Likewise you can clone an entire vApp in-situ to a test or DR environment with data and configuration in-place and run it in isolation from the production copy to fully test changes, this is much harder with traditional IT shared application services.
So in conclusion; Yes it could lead to some degree of silo’ing of application services which is somewhat at odds of what virtualization has done in breaking down and consolidating these silos from an infrastructure perspective. Strategically, software architecture frameworks will make applications move to a different deployment model that is more “cloud friendly” and less tied to machines, operating systems and infrastructure.

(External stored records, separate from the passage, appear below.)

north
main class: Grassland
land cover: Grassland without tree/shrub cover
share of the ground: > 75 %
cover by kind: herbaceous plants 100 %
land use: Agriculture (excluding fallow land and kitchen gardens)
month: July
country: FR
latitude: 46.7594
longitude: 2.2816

The net benefit is choice and cost control for the end-user.
vApps moving centre-stage
vApps were introduced as part of the vSphere 4 release but were largely a forgotten area of functionality until now.
The concept of a vApp is as a bar-code for an IT service, where that service consists of a number of inter-dependent virtual machines containing applications that provide a service – for example a website. the vApp contains a number of virutal machines and is tagged with required levels of service and other pertinent information like start-up order, dependencies and required networks etc. to allow them to run successfully.

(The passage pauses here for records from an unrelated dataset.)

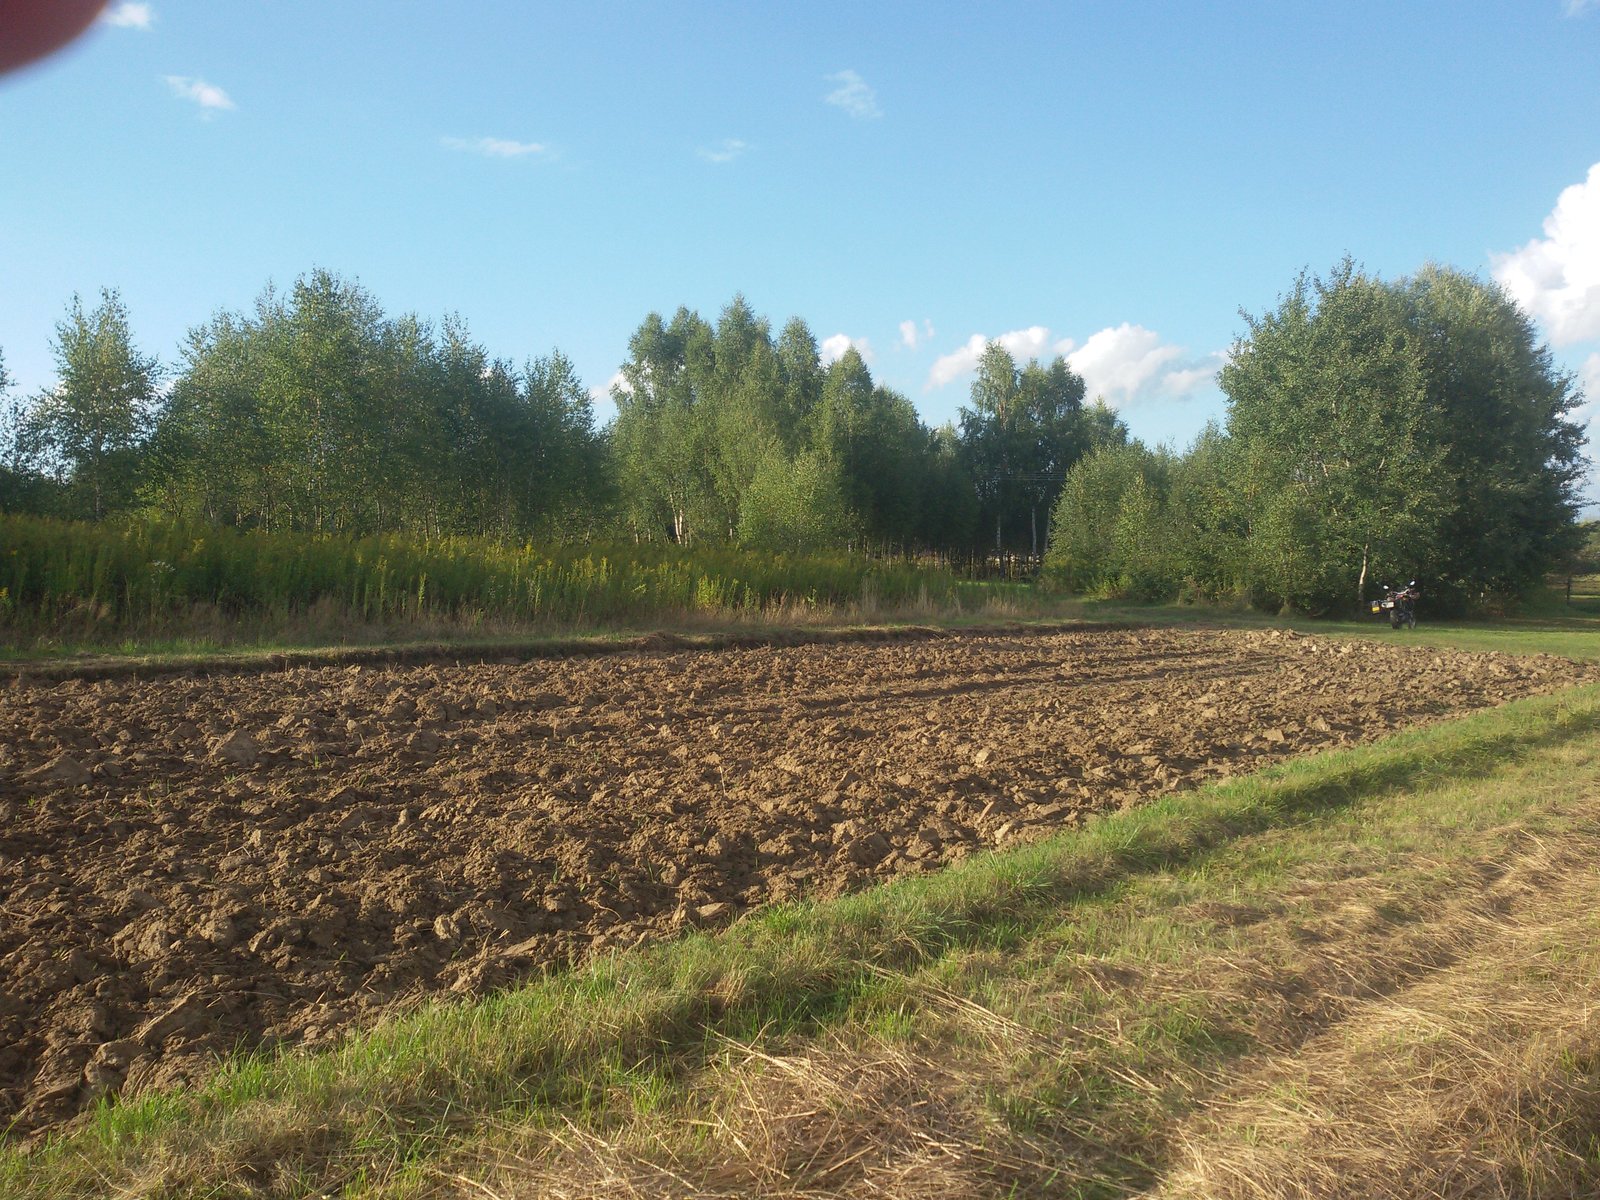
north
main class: Grassland
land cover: Grassland without tree/shrub cover
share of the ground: > 75 %
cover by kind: herbaceous plants 100 %
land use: Agriculture (excluding fallow land and kitchen gardens)
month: September
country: PL
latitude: 49.6802
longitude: 21.4271

For example a corporate Sharepoint service could be grouped and deployed as a vApp containing relevant domain controllers, DNS, SQL and MOSS VMs to allow it to run – from a VMware perspective you manage and deploy the servers as a whole vApp rather than individual VMs.
With the vCloud Director (vCD) announcements it’s clear what VMware’s intention was; vApps are core to the service catalog concept for vCD, you don’t just pick virtual machines you can pick ready-to-use and self-contained application stacks to deploy and un-deploy.
However, if you think about it, it’s not as simple as it might seem once you go beyond the infrastructure level as you’ll still need to do in-guest engineering and automation to make this sort of deployment model successful but it’s a good foundation to work from.
This type of rapid provisioning and the level of in-guest automation required to make it useful can be problematic with Windows guest OS’es – there are still tight dependencies on domain controllers, forests and domain SIDs to get around for many applications. As more and more Microsoft applications move to PowerShell at the core this becomes more feasible but architecturally speaking it’s a problem for anything other than trivial applications.
The guest automation story is much better for Linux VMs deployed as part of vApps as scripting and automation is at the core of Linux deployment and always has been but it’s not done for you, vCD just handles the {virtual} infrastructure provisioning; tailoring and automating the resultant guest OS images is up to you but there is much more precedent on this space.
Strategically, Springsource makes a lot of sense for these sort of container deployments, the use of application frameworks breaks the dependencies on the underlying OS and makes applications much more flexible and portable, but this is an evolution away from current enterprise applications.